The study cohort comprised 67 patients from 3 early-phase clinical trials with relapsed CLL treated with venetoclax, 21 of whom had CLL-type disease progression. Of these 21 patients, 15 had suitable samples for genomic analysis. Targeted amplicon next-generation sequencing of a panel of 33 genes recurrently mutated in lymphoid malignancy was performed.
BCL2 Gly101Val was detected in 4 patients with CLL-type progression on venetoclax. BCL2 Gly101Val was absent in the pre-venetoclax samples in all 4 patients.
Sequencing of 400 patients with CLL and other B-cell malignancies who had never been exposed to venetoclax did not detect the mutation in any of these patients. “This is evidence that the mutation only develops during venetoclax treatment, so it is something that patients can be screened for,” said Blombery. “In patients who develop this mutation at a low level, it would be prudent for the hematologist to begin to look for other therapies to use instead.”
Using a highly sensitive and specific droplet digital polymerase chain reaction assay, a significant level of the BCL2 Gly101Val variant “essentially begins to appear from 20 months of therapy onward [up to 25 months earlier than when standard disease progression criteria were met], so it’s quite a late mutation, but in the interim where it’s detectable, the patients inevitably progressed to overt clinical relapse and had to either come off therapy or be treated with something else,” he said.
In the laboratory, Gly101Val cells were 30- to 50-fold less sensitive to venetoclax than cells expressing wild-type BCL2. In binding assays, BCL2 Gly101Val was found to result in impaired venetoclax binding, with a reduction in the capacity of venetoclax to bind to the Gly101Val mutation by approximately 180-fold.
BCL2 Gly101Val is not the only mediator of venetoclax resistance in a patient, said Blombery. One patient harbored distinct subclones with and without the BCL2 Gly101Val mutation at disease progression. In all the patients in whom the mutation was detected, “we didn’t detect it in all the cells.

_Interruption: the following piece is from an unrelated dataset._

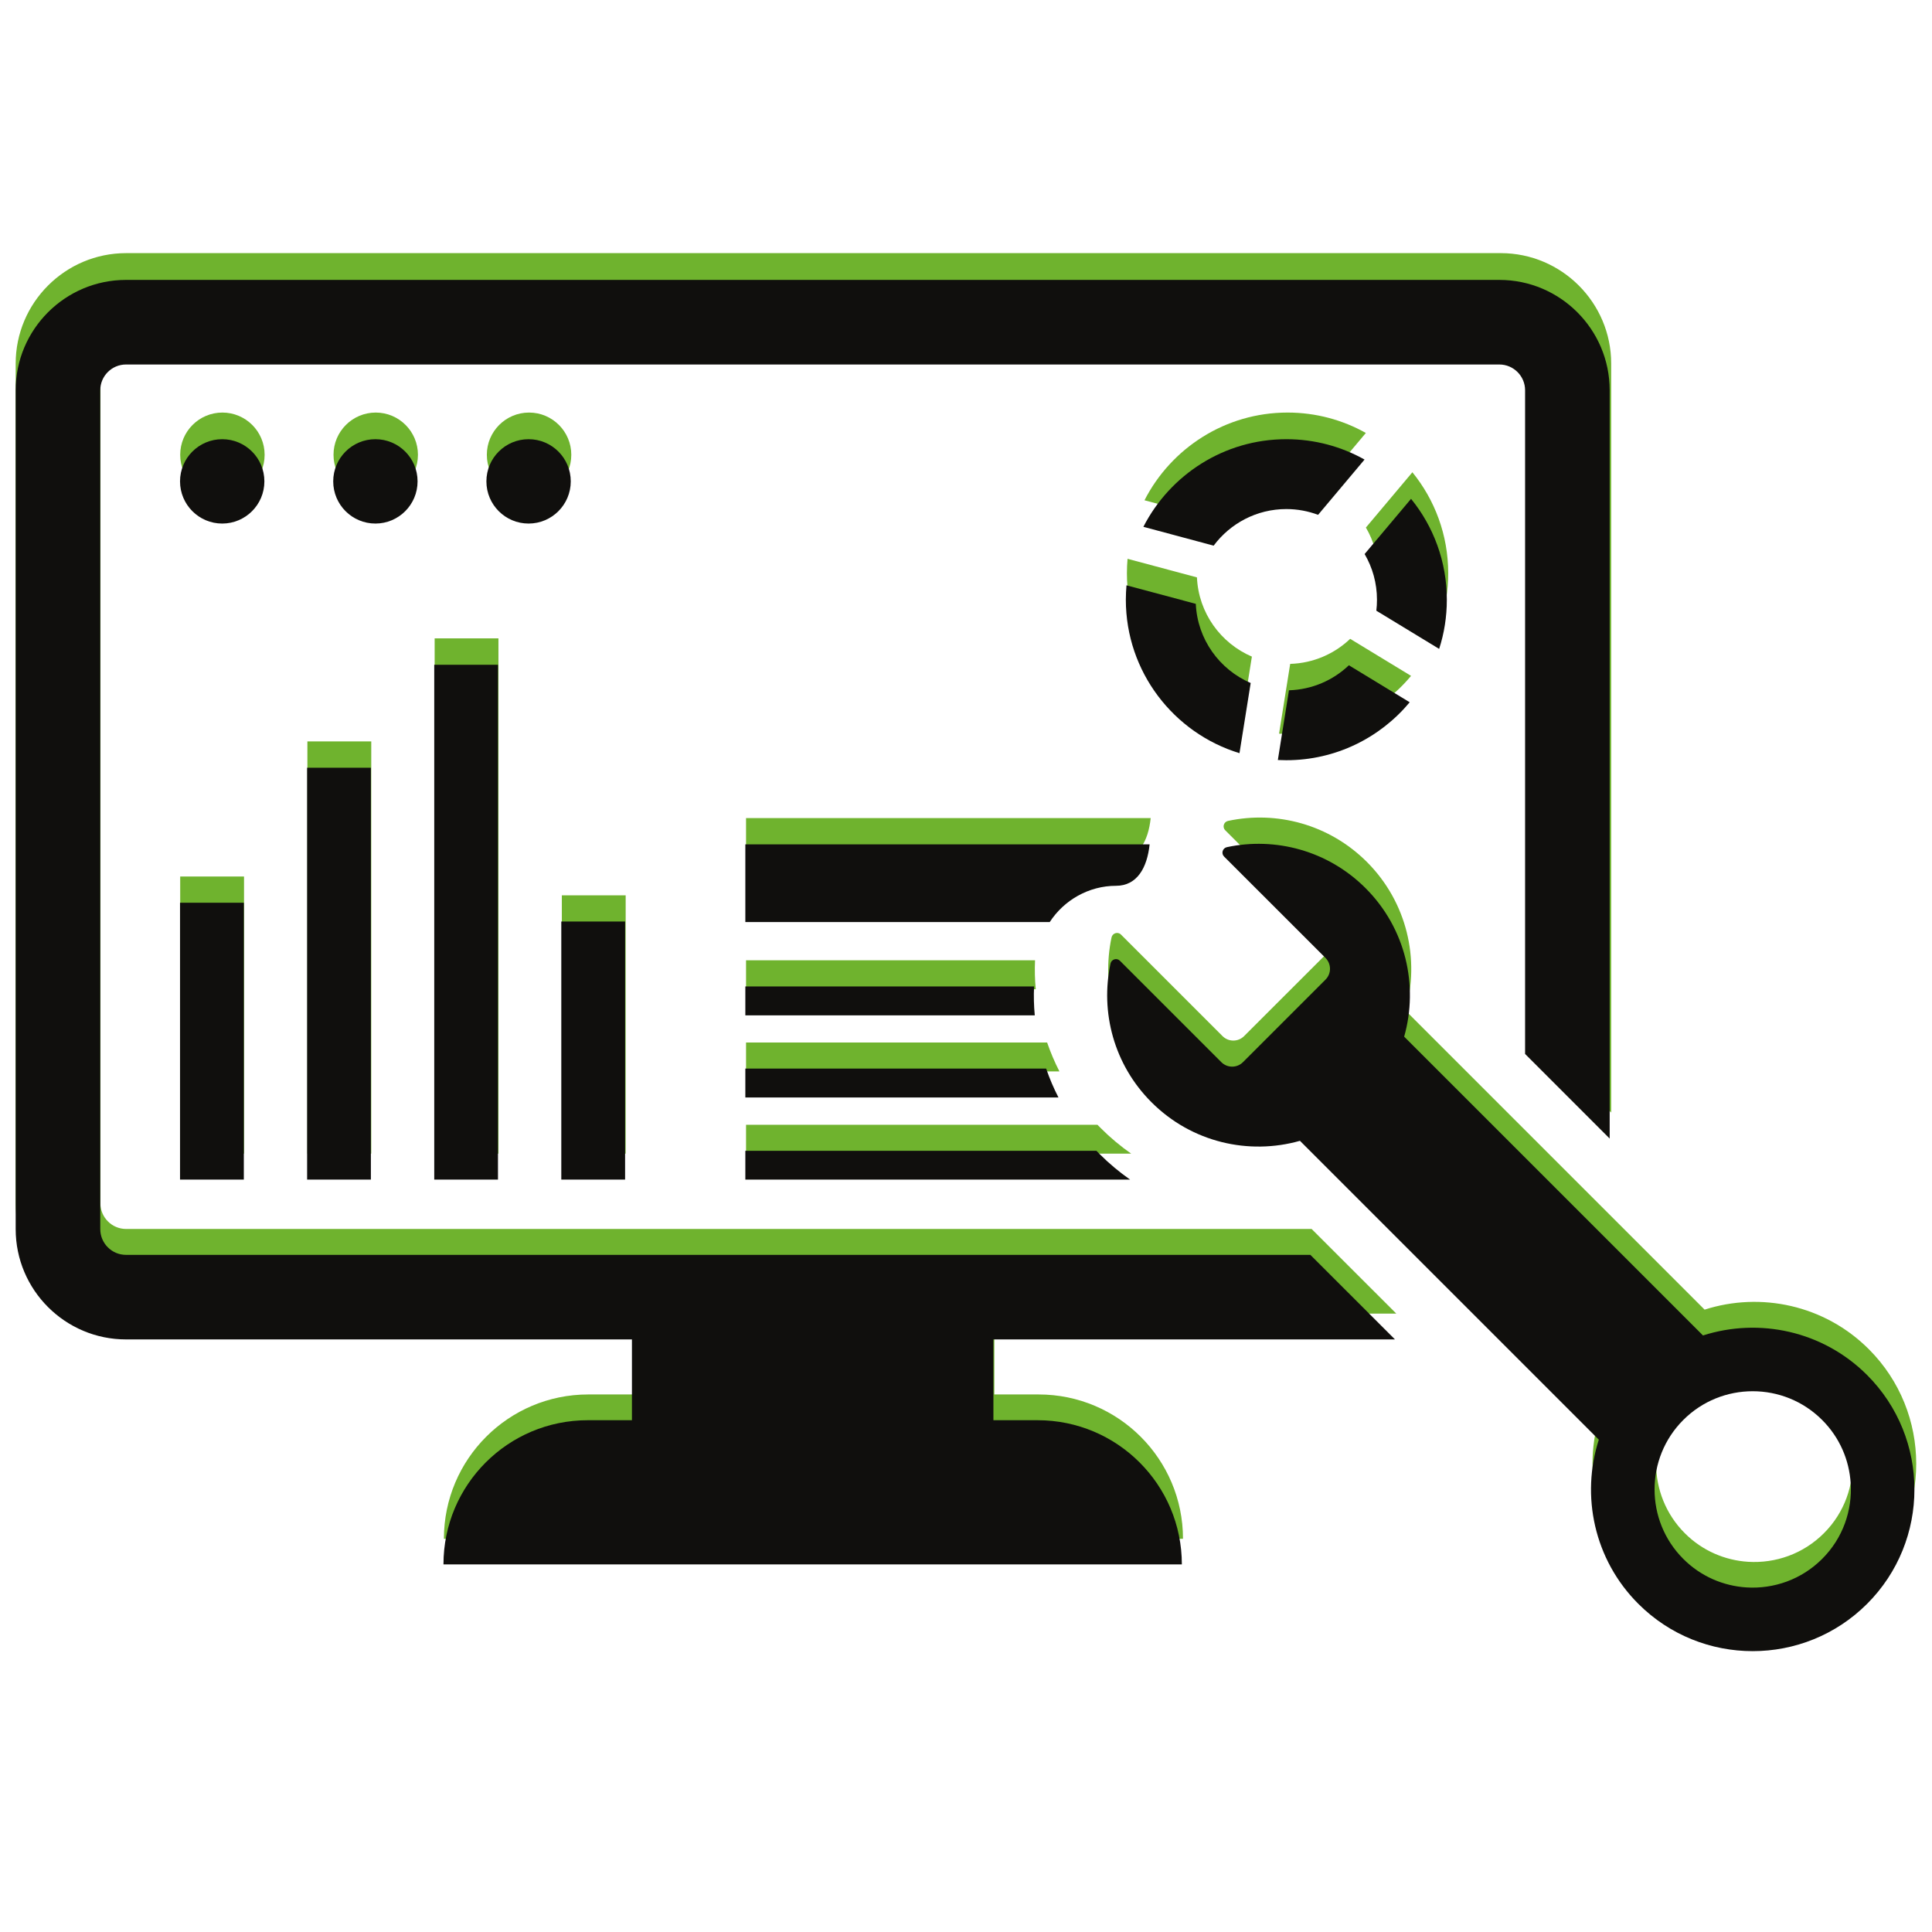 <svg xmlns="http://www.w3.org/2000/svg" xmlns:xlink="http://www.w3.org/1999/xlink" width="300" zoomAndPan="magnify" viewBox="0 0 224.88 225" height="300" preserveAspectRatio="xMidYMid meet" version="1.0"><defs><clipPath id="f9dd16d6c8"><path d="M 1.766 29 L 188 29 L 188 180 L 1.766 180 Z M 1.766 29 " clip-rule="nonzero"/></clipPath><clipPath id="940627b3cc"><path d="M 1.766 32.105 L 188 32.105 L 188 183 L 1.766 183 Z M 1.766 32.105 " clip-rule="nonzero"/></clipPath><clipPath id="74bd319131"><path d="M 34.676 38 L 35.754 38 L 35.754 39 L 34.676 39 Z M 34.676 38 " clip-rule="nonzero"/></clipPath><clipPath id="1b328f52b3"><path d="M 35.691 38.734 C 33.652 39.414 35.465 38.055 35.465 38.055 " clip-rule="nonzero"/></clipPath></defs><g clip-path="url(#f9dd16d6c8)"><path fill="#6fb32e" d="M 162.551 152.98 L 152.691 143.125 L 14.625 143.125 C 12.969 143.125 11.629 141.773 11.629 140.121 L 11.629 42.34 C 11.629 40.691 12.969 39.344 14.625 39.344 L 174.719 39.344 C 176.367 39.344 177.719 40.691 177.719 42.34 L 177.719 119.703 L 187.578 129.566 L 187.578 42.34 C 187.578 35.25 181.809 29.48 174.719 29.48 L 14.625 29.48 C 7.535 29.48 1.766 35.25 1.766 42.34 L 1.766 140.121 C 1.766 147.215 7.535 152.98 14.625 152.98 L 73.602 152.98 L 73.602 162.398 L 68.449 162.398 C 59.164 162.398 51.637 169.922 51.637 179.207 L 137.711 179.207 C 137.711 169.922 130.18 162.398 120.895 162.398 L 115.742 162.398 L 115.742 152.98 L 162.551 152.98 " fill-opacity="1" fill-rule="nonzero"/></g><path fill="#6fb32e" d="M 30.758 52.965 C 30.758 50.25 28.555 48.047 25.84 48.047 C 23.125 48.047 20.926 50.25 20.926 52.965 C 20.926 55.68 23.125 57.879 25.84 57.879 C 28.555 57.879 30.758 55.68 30.758 52.965 " fill-opacity="1" fill-rule="nonzero"/><path fill="#6fb32e" d="M 48.613 52.965 C 48.613 50.25 46.414 48.047 43.699 48.047 C 40.984 48.047 38.781 50.25 38.781 52.965 C 38.781 55.68 40.984 57.879 43.699 57.879 C 46.414 57.879 48.613 55.68 48.613 52.965 " fill-opacity="1" fill-rule="nonzero"/><path fill="#6fb32e" d="M 61.555 57.879 C 64.27 57.879 66.473 55.68 66.473 52.965 C 66.473 50.25 64.27 48.047 61.555 48.047 C 58.84 48.047 56.637 50.25 56.637 52.965 C 56.637 55.68 58.84 57.879 61.555 57.879 " fill-opacity="1" fill-rule="nonzero"/><path fill="#6fb32e" d="M 153.59 56.867 L 159.008 50.422 C 156.309 48.91 153.203 48.047 149.887 48.047 C 142.633 48.047 136.324 52.203 133.227 58.262 L 141.414 60.457 C 143.34 57.867 146.426 56.191 149.887 56.191 C 151.191 56.191 152.438 56.434 153.59 56.867 " fill-opacity="1" fill-rule="nonzero"/><path fill="#6fb32e" d="M 168.598 66.758 C 168.598 62.309 167.035 58.207 164.426 55 L 159.012 61.438 C 159.93 63 160.453 64.812 160.453 66.758 C 160.453 67.188 160.43 67.617 160.379 68.035 L 167.699 72.492 C 168.285 70.684 168.598 68.762 168.598 66.758 " fill-opacity="1" fill-rule="nonzero"/><path fill="#6fb32e" d="M 144.426 84.648 L 145.734 76.469 C 142.105 74.914 139.52 71.387 139.336 67.242 L 131.254 65.078 C 131.207 65.633 131.18 66.191 131.18 66.758 C 131.18 75.172 136.766 82.309 144.426 84.648 " fill-opacity="1" fill-rule="nonzero"/><path fill="#6fb32e" d="M 164.27 78.711 L 157.18 74.398 C 155.352 76.141 152.902 77.234 150.195 77.316 L 148.898 85.445 C 149.227 85.457 149.555 85.465 149.887 85.465 C 155.664 85.465 160.836 82.84 164.27 78.711 " fill-opacity="1" fill-rule="nonzero"/><path fill="#6fb32e" d="M 35.738 134.352 L 43.176 134.352 L 43.176 86.344 L 35.738 86.344 L 35.738 134.352 " fill-opacity="1" fill-rule="nonzero"/><path fill="#6fb32e" d="M 50.559 134.352 L 57.988 134.352 L 57.988 74.344 L 50.559 74.344 L 50.559 134.352 " fill-opacity="1" fill-rule="nonzero"/><path fill="#6fb32e" d="M 72.805 104.27 L 65.371 104.27 L 65.371 134.352 L 72.805 134.352 L 72.805 104.27 " fill-opacity="1" fill-rule="nonzero"/><path fill="#6fb32e" d="M 20.926 134.352 L 28.359 134.352 L 28.359 102.078 L 20.926 102.078 L 20.926 134.352 " fill-opacity="1" fill-rule="nonzero"/><path fill="#6fb32e" d="M 133.949 95.277 L 86.824 95.277 L 86.824 104.332 L 122.309 104.332 C 123.969 101.773 126.855 100.105 130.039 100.105 C 132.488 100.105 133.664 98.004 133.949 95.277 " fill-opacity="1" fill-rule="nonzero"/><path fill="#6fb32e" d="M 86.824 111.836 L 86.824 115.203 L 120.562 115.203 C 120.457 114.09 120.43 112.965 120.48 111.836 L 86.824 111.836 " fill-opacity="1" fill-rule="nonzero"/><path fill="#6fb32e" d="M 86.824 124.777 L 123.32 124.777 C 122.762 123.688 122.285 122.562 121.887 121.41 L 86.824 121.41 L 86.824 124.777 " fill-opacity="1" fill-rule="nonzero"/><path fill="#6fb32e" d="M 86.824 134.352 L 131.676 134.352 C 130.422 133.477 129.234 132.484 128.129 131.375 C 128.004 131.246 127.875 131.117 127.75 130.992 L 86.824 130.992 L 86.824 134.352 " fill-opacity="1" fill-rule="nonzero"/><path fill="#6fb32e" d="M 212.348 178.562 C 209.934 180.977 206.703 182.082 203.535 181.887 C 200.848 181.719 198.207 180.613 196.156 178.562 C 191.695 174.098 191.695 166.832 196.156 162.371 C 200.617 157.902 207.887 157.902 212.348 162.371 C 214.398 164.418 215.504 167.051 215.672 169.734 C 215.875 172.906 214.77 176.145 212.348 178.562 Z M 217.586 157.129 C 212.422 151.965 204.98 150.426 198.457 152.52 L 163.625 117.688 C 165.312 111.734 163.812 105.07 159.129 100.383 C 154.734 95.992 148.609 94.395 142.961 95.602 C 142.453 95.711 142.262 96.332 142.633 96.695 L 154.453 108.516 C 155.152 109.215 155.152 110.344 154.453 111.043 L 144.832 120.66 C 144.137 121.359 143.008 121.359 142.309 120.66 L 130.488 108.84 C 130.125 108.473 129.5 108.668 129.391 109.168 C 128.188 114.816 129.777 120.949 134.172 125.336 C 138.852 130.023 145.52 131.52 151.473 129.832 L 186.312 164.664 C 184.215 171.184 185.746 178.629 190.918 183.801 C 198.27 191.156 210.23 191.156 217.586 183.801 C 224.941 176.453 224.941 164.484 217.586 157.129 " fill-opacity="1" fill-rule="nonzero"/><g clip-path="url(#940627b3cc)"><path fill="#100f0d" d="M 162.398 155.988 L 152.547 146.141 L 14.613 146.141 C 12.961 146.141 11.617 144.793 11.617 143.141 L 11.617 45.445 C 11.617 43.797 12.961 42.449 14.613 42.449 L 174.555 42.449 C 176.203 42.449 177.551 43.797 177.551 45.445 L 177.551 122.742 L 187.402 132.598 L 187.402 45.445 C 187.402 38.363 181.637 32.598 174.555 32.598 L 14.613 32.598 C 7.531 32.598 1.766 38.363 1.766 45.445 L 1.766 143.141 C 1.766 150.23 7.531 155.988 14.613 155.988 L 73.535 155.988 L 73.535 165.398 L 68.387 165.398 C 59.109 165.398 51.586 172.914 51.586 182.191 L 137.578 182.191 C 137.578 172.914 130.059 165.398 120.781 165.398 L 115.633 165.398 L 115.633 155.988 L 162.398 155.988 " fill-opacity="1" fill-rule="nonzero"/></g><path fill="#100f0d" d="M 30.73 56.059 C 30.73 53.348 28.531 51.148 25.82 51.148 C 23.105 51.148 20.906 53.348 20.906 56.059 C 20.906 58.773 23.105 60.973 25.82 60.973 C 28.531 60.973 30.73 58.773 30.73 56.059 " fill-opacity="1" fill-rule="nonzero"/><path fill="#100f0d" d="M 48.57 56.059 C 48.57 53.348 46.371 51.148 43.66 51.148 C 40.945 51.148 38.746 53.348 38.746 56.059 C 38.746 58.773 40.945 60.973 43.66 60.973 C 46.371 60.973 48.57 58.773 48.57 56.059 " fill-opacity="1" fill-rule="nonzero"/><path fill="#100f0d" d="M 61.5 60.973 C 64.211 60.973 66.41 58.773 66.41 56.059 C 66.41 53.348 64.211 51.148 61.5 51.148 C 58.785 51.148 56.586 53.348 56.586 56.059 C 56.586 58.773 58.785 60.973 61.5 60.973 " fill-opacity="1" fill-rule="nonzero"/><path fill="#100f0d" d="M 153.445 59.957 L 158.855 53.52 C 156.164 52.012 153.059 51.148 149.746 51.148 C 142.496 51.148 136.199 55.301 133.098 61.352 L 141.281 63.547 C 143.207 60.961 146.285 59.285 149.746 59.285 C 151.047 59.285 152.293 59.527 153.445 59.957 " fill-opacity="1" fill-rule="nonzero"/><path fill="#100f0d" d="M 168.438 69.84 C 168.438 65.395 166.879 61.301 164.27 58.094 L 158.863 64.523 C 159.777 66.086 160.301 67.898 160.301 69.84 C 160.301 70.273 160.281 70.699 160.227 71.121 L 167.543 75.57 C 168.129 73.762 168.438 71.844 168.438 69.84 " fill-opacity="1" fill-rule="nonzero"/><path fill="#100f0d" d="M 144.289 87.715 L 145.594 79.543 C 141.973 77.988 139.387 74.465 139.203 70.324 L 131.129 68.164 C 131.086 68.719 131.055 69.277 131.055 69.84 C 131.055 78.25 136.637 85.379 144.289 87.715 " fill-opacity="1" fill-rule="nonzero"/><path fill="#100f0d" d="M 164.113 81.785 L 157.031 77.477 C 155.207 79.215 152.758 80.309 150.051 80.391 L 148.758 88.512 C 149.086 88.523 149.414 88.535 149.746 88.535 C 155.516 88.535 160.684 85.906 164.113 81.785 " fill-opacity="1" fill-rule="nonzero"/><path fill="#100f0d" d="M 35.707 137.375 L 43.133 137.375 L 43.133 89.41 L 35.707 89.41 L 35.707 137.375 " fill-opacity="1" fill-rule="nonzero"/><path fill="#100f0d" d="M 50.512 137.375 L 57.934 137.375 L 57.934 77.418 L 50.512 77.418 L 50.512 137.375 " fill-opacity="1" fill-rule="nonzero"/><path fill="#100f0d" d="M 72.738 107.32 L 65.309 107.32 L 65.309 137.375 L 72.738 137.375 L 72.738 107.32 " fill-opacity="1" fill-rule="nonzero"/><path fill="#100f0d" d="M 20.906 137.375 L 28.336 137.375 L 28.336 105.133 L 20.906 105.133 L 20.906 137.375 " fill-opacity="1" fill-rule="nonzero"/><path fill="#100f0d" d="M 133.824 98.336 L 86.742 98.336 L 86.742 107.383 L 122.191 107.383 C 123.852 104.828 126.738 103.16 129.914 103.16 C 132.363 103.16 133.539 101.059 133.824 98.336 " fill-opacity="1" fill-rule="nonzero"/><path fill="#100f0d" d="M 86.742 114.883 L 86.742 118.246 L 120.449 118.246 C 120.344 117.133 120.316 116.012 120.367 114.883 L 86.742 114.883 " fill-opacity="1" fill-rule="nonzero"/><path fill="#100f0d" d="M 86.742 127.809 L 123.207 127.809 C 122.648 126.723 122.168 125.598 121.773 124.445 L 86.742 124.445 L 86.742 127.809 " fill-opacity="1" fill-rule="nonzero"/><path fill="#100f0d" d="M 86.742 137.375 L 131.551 137.375 C 130.301 136.5 129.113 135.512 128.008 134.406 C 127.883 134.273 127.754 134.145 127.629 134.02 L 86.742 134.02 L 86.742 137.375 " fill-opacity="1" fill-rule="nonzero"/><path fill="#100f0d" d="M 212.148 181.547 C 209.734 183.961 206.508 185.066 203.34 184.871 C 200.66 184.703 198.02 183.598 195.973 181.547 C 191.516 177.09 191.516 169.828 195.973 165.371 C 200.43 160.906 207.688 160.906 212.148 165.371 C 214.195 167.414 215.301 170.047 215.469 172.73 C 215.672 175.898 214.566 179.133 212.148 181.547 Z M 217.383 160.137 C 212.223 154.977 204.789 153.438 198.27 155.527 L 163.469 120.727 C 165.156 114.777 163.66 108.121 158.977 103.438 C 154.59 99.051 148.469 97.453 142.824 98.66 C 142.32 98.77 142.129 99.391 142.496 99.754 L 154.309 111.562 C 155.004 112.262 155.004 113.391 154.309 114.086 L 144.695 123.699 C 144 124.395 142.871 124.395 142.176 123.699 L 130.363 111.887 C 130 111.52 129.379 111.715 129.27 112.215 C 128.066 117.859 129.656 123.988 134.043 128.367 C 138.719 133.051 145.383 134.547 151.332 132.859 L 186.137 167.664 C 184.039 174.176 185.57 181.617 190.738 186.781 C 198.086 194.129 210.031 194.129 217.383 186.781 C 224.73 179.441 224.73 167.484 217.383 160.137 " fill-opacity="1" fill-rule="nonzero"/><g clip-path="url(#74bd319131)"><g clip-path="url(#1b328f52b3)"><path fill="#100f0d" d="M 24.582 28.988 L 44.996 28.988 L 44.996 48.711 L 24.582 48.711 Z M 24.582 28.988 " fill-opacity="1" fill-rule="nonzero"/></g></g></svg>

The most we detected it in was in 75% of cells, which means that 25% of the cells which are resistant to venetoclax are not driven by Gly101Val,” he said.
The findings are a strong rationale for using combination therapies in the future, he indicated. “This is what happens when you give a targeted agent to a genetically complex leukemia, and second of all, it begs the rationale for giving timely immunotherapy and limiting the exposure to venetoclax and the development of this resistance,” said Blombery.
Blombery P, Anderson MA, Gong J, et al. Acquisition of the recurrent Gly101Val mutation in BCL2 confers resistance to venetoclax in patients with progressive chronic lymphocytic leukemia. Presented at: 2018 ASH Annual Meeting; Dec. 1-4, 2018; San Diego, CA. Abstract LBA7.